2. The `Movie.toString` method will append the "long", "short", or "average" depending on the value of the `duration` variable. If the `duration` is greater than 120 then the `String` will read "long". If the `duration` is less than 90 then the `String` will read "short". Otherwise, it will read "average". It is recommend you perform this check in the `toString` method.
3. As you read data from the file you will need to *ignore* many fields. This simply means that you should use the `next` method to read in the information, but you won't actually use it.
4. The csv file is encoded using [UTF-8](https://en.wikipedia.org/wiki/UTF-8) encoding. To make sure you are reading the data using the correct encoding specify UTF-8 when you create your `Scanner` object as follows: `Scanner input = new Scanner(file, "UTF-8")`. This will likely be embedded in a try-with-resources.
5. For some rows, the csv file has missing data. Though `Scanner` has convenient methods like `nextInt` to read in an integer, if the data is missing and the cell is blank then `nextInt` will generate an exception. To deal with this situation, you will read in all fields using the `next` method, which returns a `String`. For `duration`, `budget`, and `imdbScore` you will then need to convert the `String` to the appropriate type (`int`, `long`, or `double`). The algorithm you will use as follows:
- Use `next` to read in the data and save to a `String` variable.
- If the `String` is *not* empty (hint: `str.trim().isEmpty()`) then convert it to the appropriate type using `Integer.parseInt`, `Long.parseLong` or `Double.parseDouble` as appropriate.
6. After reading in a full line (make sure to read every column!), create a `Movie` object *only* if the duration is not 0 and the budget is not 0 and the score is not 0 and the title is not empty. If any value is 0 or empty, do not create a `Movie` object - just go on to the next line.
Submission Requirements
1. For this assignment, you will submit four files: `Movie.java`, `MovieList.java`, `MovieListBuilder.java`, and `Driver.java`
2. Make sure your code follows all requirements in the [Style Guidelines](https://github.com/CS112-F17/notes/blob/master/style.md).

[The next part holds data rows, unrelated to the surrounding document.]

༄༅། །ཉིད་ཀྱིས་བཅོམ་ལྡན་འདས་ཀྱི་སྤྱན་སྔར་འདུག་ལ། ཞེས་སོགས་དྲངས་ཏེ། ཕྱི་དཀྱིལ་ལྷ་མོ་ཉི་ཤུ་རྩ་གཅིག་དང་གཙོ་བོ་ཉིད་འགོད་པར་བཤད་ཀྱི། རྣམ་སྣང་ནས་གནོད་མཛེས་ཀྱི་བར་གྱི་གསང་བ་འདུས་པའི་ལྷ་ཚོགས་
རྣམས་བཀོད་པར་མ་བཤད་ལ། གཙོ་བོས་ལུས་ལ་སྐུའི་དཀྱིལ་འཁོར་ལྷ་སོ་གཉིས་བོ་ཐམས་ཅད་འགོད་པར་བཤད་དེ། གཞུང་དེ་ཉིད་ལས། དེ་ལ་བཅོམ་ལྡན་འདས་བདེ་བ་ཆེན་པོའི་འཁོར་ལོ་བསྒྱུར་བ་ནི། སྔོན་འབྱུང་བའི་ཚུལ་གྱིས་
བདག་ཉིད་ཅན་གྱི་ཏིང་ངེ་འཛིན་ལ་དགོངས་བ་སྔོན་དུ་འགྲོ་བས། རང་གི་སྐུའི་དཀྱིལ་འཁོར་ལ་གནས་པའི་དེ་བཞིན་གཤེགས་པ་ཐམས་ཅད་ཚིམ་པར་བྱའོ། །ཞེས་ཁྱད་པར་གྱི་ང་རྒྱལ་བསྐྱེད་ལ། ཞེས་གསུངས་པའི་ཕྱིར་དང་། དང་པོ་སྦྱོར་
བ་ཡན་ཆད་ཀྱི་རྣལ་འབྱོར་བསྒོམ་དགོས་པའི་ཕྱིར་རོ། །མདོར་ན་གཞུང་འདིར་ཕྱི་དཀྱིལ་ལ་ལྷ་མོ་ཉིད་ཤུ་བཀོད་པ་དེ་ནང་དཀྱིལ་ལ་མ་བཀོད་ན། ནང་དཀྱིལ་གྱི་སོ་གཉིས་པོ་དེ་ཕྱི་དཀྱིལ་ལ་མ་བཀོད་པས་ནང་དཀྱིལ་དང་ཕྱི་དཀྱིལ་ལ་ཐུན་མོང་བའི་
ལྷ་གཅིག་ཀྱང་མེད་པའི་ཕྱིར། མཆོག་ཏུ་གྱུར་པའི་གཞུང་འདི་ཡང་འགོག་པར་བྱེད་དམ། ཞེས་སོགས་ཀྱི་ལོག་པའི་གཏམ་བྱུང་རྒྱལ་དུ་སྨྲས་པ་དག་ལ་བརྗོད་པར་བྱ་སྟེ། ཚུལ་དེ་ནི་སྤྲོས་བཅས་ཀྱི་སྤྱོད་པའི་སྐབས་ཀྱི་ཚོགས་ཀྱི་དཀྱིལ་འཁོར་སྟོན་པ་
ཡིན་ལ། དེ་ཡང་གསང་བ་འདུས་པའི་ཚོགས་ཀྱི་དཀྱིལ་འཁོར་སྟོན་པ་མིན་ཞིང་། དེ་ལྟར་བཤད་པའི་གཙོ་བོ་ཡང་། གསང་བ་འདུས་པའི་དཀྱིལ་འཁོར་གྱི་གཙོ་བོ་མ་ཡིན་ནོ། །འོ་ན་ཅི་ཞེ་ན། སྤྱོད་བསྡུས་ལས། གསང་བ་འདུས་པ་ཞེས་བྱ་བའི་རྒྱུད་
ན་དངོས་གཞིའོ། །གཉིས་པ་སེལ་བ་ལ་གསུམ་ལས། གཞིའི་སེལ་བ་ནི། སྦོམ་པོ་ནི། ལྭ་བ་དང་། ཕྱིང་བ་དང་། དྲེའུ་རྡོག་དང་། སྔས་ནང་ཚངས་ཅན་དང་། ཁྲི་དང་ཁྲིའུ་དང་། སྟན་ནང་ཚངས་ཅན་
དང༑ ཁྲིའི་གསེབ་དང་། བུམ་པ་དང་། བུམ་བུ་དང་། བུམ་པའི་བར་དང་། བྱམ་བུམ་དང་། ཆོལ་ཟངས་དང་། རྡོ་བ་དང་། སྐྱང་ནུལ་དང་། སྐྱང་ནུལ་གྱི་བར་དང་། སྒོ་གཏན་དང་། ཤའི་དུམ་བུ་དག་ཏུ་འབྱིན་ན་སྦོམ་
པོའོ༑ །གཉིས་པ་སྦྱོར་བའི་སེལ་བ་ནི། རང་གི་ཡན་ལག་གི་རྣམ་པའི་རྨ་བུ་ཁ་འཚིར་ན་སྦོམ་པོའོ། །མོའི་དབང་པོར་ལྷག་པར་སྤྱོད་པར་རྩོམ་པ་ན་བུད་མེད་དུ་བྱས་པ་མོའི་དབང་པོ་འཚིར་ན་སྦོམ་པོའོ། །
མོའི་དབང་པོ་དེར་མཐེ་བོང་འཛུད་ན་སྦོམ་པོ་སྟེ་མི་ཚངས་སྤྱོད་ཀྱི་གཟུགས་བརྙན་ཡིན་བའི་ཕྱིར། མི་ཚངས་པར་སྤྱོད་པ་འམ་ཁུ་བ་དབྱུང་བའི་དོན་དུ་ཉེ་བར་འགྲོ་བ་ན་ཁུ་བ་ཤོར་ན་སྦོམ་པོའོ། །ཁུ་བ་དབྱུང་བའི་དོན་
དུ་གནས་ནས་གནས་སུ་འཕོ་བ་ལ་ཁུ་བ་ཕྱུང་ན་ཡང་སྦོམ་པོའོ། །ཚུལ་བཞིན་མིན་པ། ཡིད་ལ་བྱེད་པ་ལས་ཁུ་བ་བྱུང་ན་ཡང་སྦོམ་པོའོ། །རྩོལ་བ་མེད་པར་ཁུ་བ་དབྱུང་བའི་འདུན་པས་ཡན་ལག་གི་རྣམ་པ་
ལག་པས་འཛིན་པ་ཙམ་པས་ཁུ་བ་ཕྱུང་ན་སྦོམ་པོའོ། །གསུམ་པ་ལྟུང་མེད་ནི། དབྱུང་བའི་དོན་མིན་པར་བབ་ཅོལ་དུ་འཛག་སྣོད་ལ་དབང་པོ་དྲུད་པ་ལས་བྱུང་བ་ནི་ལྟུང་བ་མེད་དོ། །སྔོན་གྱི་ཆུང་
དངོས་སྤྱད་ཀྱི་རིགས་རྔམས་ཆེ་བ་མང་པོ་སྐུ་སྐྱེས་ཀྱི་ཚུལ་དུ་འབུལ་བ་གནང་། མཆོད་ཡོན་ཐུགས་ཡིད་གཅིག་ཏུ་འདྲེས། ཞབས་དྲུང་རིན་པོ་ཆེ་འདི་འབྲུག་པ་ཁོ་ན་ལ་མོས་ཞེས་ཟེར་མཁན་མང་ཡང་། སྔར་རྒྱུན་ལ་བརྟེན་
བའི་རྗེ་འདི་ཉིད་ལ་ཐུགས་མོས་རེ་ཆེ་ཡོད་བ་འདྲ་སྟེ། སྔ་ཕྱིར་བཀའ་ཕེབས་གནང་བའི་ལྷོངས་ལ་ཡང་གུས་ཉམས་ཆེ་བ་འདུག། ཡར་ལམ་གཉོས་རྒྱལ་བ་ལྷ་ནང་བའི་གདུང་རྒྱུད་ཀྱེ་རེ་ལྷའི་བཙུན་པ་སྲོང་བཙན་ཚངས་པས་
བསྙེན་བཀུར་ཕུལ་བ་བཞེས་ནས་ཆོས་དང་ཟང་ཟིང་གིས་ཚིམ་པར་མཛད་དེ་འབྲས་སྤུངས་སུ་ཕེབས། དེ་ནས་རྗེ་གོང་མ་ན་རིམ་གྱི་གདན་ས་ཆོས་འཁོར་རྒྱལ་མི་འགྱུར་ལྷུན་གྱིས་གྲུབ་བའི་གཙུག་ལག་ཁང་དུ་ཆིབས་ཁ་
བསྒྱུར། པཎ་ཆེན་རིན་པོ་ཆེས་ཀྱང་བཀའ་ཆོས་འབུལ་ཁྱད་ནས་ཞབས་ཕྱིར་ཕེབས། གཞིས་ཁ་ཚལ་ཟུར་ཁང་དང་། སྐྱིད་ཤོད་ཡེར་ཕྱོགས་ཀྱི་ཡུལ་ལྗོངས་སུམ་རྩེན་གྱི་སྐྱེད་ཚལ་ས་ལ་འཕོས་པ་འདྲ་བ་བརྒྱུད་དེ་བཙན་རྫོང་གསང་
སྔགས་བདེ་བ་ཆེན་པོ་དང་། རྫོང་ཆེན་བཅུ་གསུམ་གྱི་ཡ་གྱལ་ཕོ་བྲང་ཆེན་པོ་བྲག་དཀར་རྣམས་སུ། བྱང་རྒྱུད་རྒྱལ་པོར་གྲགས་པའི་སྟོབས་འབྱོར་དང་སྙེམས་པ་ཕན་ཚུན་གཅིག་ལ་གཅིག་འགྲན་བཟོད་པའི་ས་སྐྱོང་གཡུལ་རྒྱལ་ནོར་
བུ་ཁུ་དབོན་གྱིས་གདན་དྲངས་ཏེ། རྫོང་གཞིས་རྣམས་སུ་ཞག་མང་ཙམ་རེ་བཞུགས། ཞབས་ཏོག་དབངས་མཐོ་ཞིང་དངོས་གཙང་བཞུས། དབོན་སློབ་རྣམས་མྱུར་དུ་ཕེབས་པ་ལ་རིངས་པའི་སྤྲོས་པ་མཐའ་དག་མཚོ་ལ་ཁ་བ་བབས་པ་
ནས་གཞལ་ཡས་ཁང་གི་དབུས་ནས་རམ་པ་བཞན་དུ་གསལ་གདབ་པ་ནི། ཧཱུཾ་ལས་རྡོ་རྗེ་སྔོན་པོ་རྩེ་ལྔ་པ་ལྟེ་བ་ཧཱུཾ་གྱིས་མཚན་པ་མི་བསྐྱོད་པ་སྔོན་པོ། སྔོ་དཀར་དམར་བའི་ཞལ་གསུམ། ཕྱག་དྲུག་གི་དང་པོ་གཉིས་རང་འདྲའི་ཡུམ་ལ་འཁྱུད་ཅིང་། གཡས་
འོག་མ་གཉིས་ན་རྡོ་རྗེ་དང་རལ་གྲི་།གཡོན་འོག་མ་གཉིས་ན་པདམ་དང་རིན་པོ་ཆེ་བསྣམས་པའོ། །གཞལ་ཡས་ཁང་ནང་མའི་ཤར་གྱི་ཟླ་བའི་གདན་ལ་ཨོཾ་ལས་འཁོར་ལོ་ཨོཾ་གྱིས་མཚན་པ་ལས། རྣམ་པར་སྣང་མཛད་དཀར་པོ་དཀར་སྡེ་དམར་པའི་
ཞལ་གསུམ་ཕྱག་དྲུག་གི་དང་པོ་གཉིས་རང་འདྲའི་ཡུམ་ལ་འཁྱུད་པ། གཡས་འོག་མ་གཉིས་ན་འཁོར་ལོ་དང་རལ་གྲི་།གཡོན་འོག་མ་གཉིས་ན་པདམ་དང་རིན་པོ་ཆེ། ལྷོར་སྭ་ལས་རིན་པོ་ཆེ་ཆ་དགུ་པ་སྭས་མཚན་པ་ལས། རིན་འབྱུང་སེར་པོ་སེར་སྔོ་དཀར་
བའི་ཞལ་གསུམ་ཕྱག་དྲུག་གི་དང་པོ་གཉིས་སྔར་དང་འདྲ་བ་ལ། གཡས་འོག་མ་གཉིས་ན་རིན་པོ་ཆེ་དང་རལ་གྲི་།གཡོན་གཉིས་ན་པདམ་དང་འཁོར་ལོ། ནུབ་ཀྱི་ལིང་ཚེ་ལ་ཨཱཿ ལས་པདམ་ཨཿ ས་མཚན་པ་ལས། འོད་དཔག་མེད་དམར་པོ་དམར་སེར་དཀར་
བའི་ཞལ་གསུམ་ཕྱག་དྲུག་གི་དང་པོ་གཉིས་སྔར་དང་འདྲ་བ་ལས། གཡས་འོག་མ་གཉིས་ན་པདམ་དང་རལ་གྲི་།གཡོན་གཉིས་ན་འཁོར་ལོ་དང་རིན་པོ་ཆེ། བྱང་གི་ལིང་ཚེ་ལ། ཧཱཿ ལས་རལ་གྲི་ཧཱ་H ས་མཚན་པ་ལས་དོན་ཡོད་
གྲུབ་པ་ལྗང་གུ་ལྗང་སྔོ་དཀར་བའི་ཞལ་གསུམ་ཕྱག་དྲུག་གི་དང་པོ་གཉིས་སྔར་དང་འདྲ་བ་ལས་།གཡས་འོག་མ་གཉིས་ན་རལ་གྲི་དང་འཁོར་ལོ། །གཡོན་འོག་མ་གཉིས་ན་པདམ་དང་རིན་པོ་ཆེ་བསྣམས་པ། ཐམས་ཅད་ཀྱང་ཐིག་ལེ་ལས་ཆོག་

3. Follow the instructions in the [SVN Guide](https://github.com/CS112-F17/notes/blob/master/svn_guide.md) for submitting your solution by the deadline.
4. Make sure you have submitted your work in an SVN directory: `https://www.cs.usfca.edu/svn/<username>/cs112/project1`
<!-- Grading Rubric
The general rubric we will use to grade your solution may be found here: [Grading Rubric](https://github.com/CS112- /notes/blob/master/grading_rubric.md)
-->
Academic Dishonesty
Any work you submit is expected to be your own original work. If you use any web resources in developing your code you are required to cite those resources. The only exception to this rule is code that is posted on the class website. The URL of the resource you used in a comment in your code is fine. If I google even a single line of uncited code and find it on the internet you may get a 0 on the assignment or an F in the class. You may also get a 0 on the assignment or an F in the class if your solution is at all similar to that of any other student.